Data Science Skills Gap: The rising tide of digital technology is rapidly defining the twenty-first century.
Our every transaction, online interaction and the connected product is producing more and more data. And this means we’re increasingly able to derive powerful insight into human behaviour, preferences, trends and forecasts.
Around the world, such changes are providing a great opportunity. By 2020 the value of big data to the UK economy will be some £241 billion, creating 157,000 new big data-led jobs.
But such developments are not without their challenges.

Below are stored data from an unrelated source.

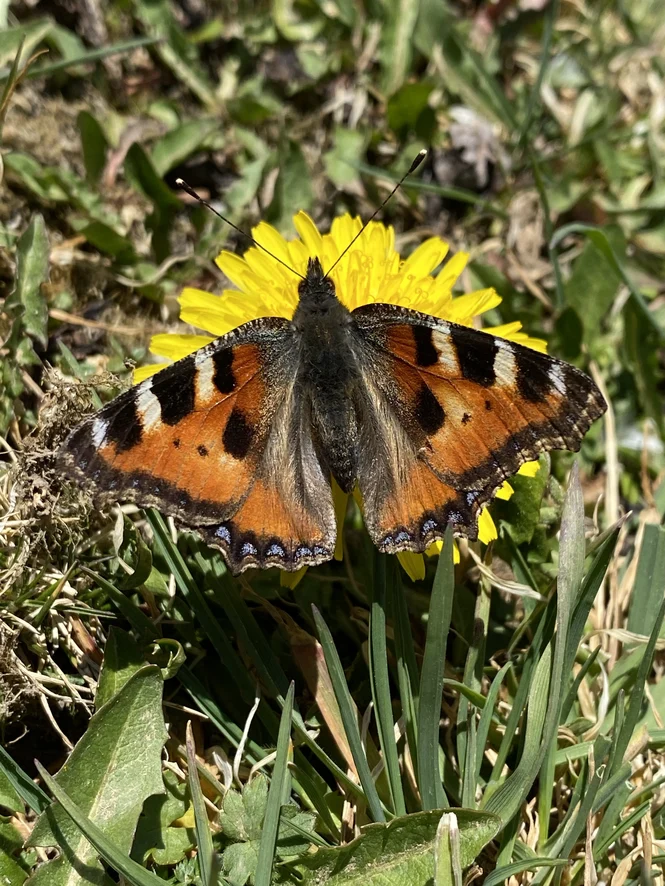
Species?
Aglais urticae
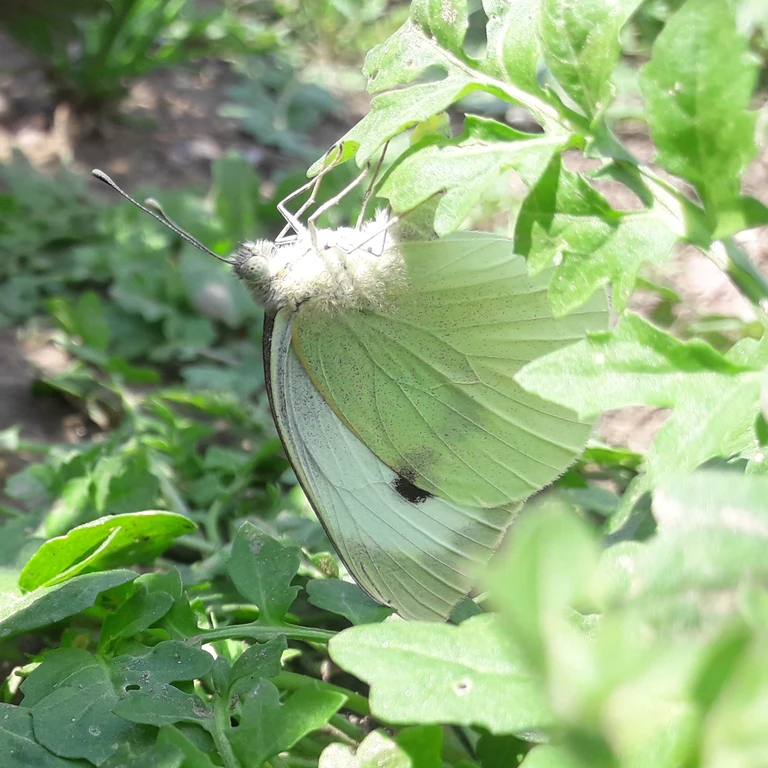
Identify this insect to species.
Pieris brassicae
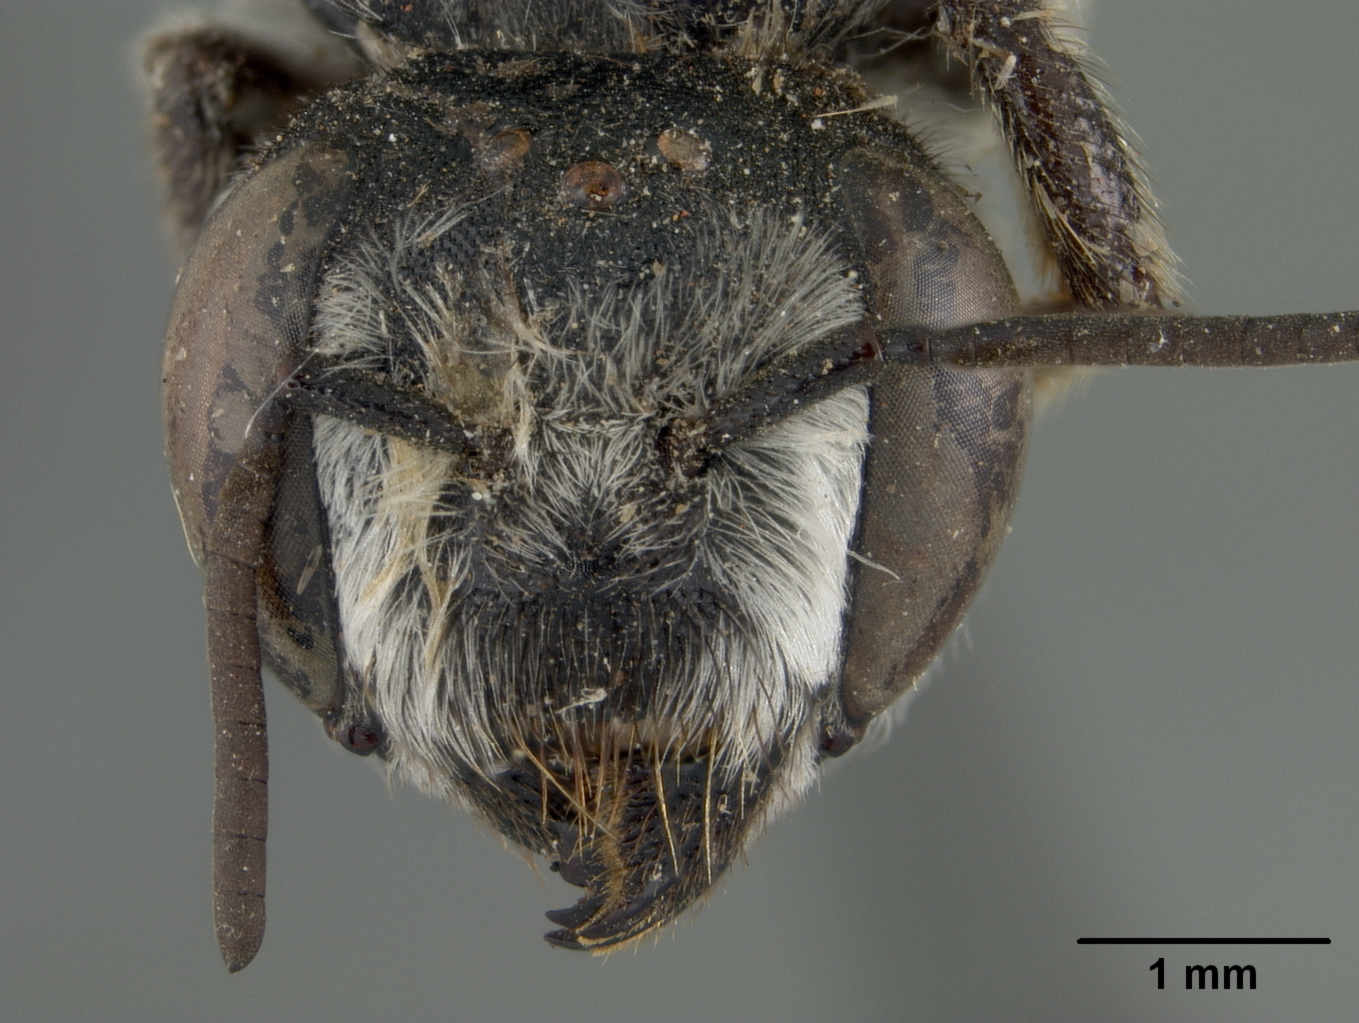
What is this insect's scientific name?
Megachile laqueata
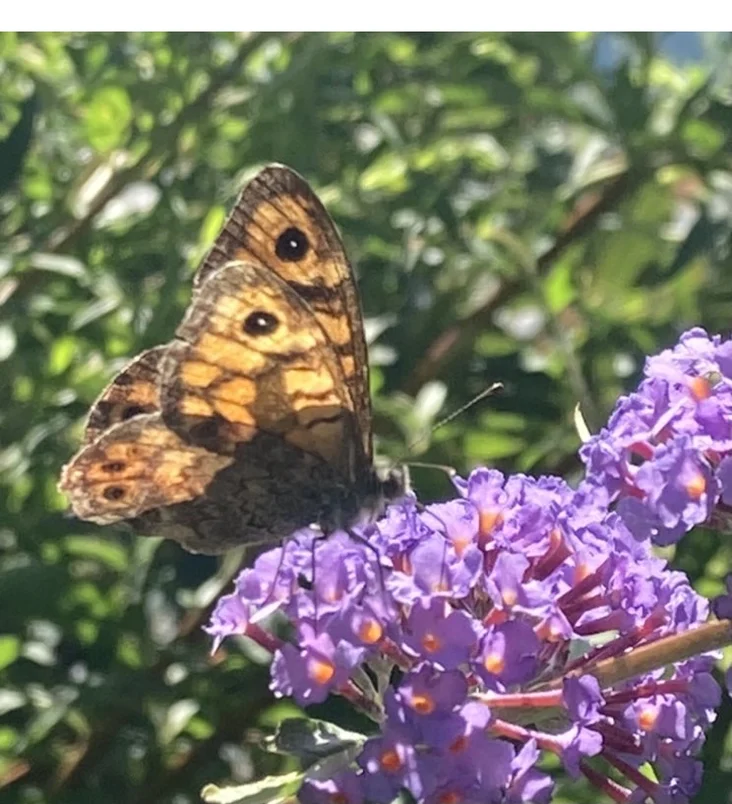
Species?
Lasiommata megera (also Pararge megera)

Companies now wrestle with volumes of data and information that have never been encountered before. And the growth of big data shows no sign of slowing.
For instance, the total supply of information stored digitally and accessible to web users is now a monumental 4.4 trillion gigabytes. Most of this has been produced in the last few years. By 2020, this will amount to a 20,000-fold increase in the volume of data produced by businesses since 2000.
Firms are embracing these changes. They’re becoming increasingly data-driven, using larger amounts of data in everyday operations and investing in technology, processes and people. By 2020, 82% of UK executives plan to invest in AI, 70% in automation and 57% in blockchain.
But integral to enabling such processes and technologies are Data Scientists. Seen as the futurologists of digital technology, they also have claim to the “sexiest job of the 21st century”.
Data Science Skills Gap: Data Science & Scientists
The discipline of data science synthesizes the realms of statistics, mathematics and computer science with those of business intelligence and strategy. Through the application of scientific methods and innovations like machine learning, artificial intelligence, and data visualisation, data science turns vast quantities of available data into information.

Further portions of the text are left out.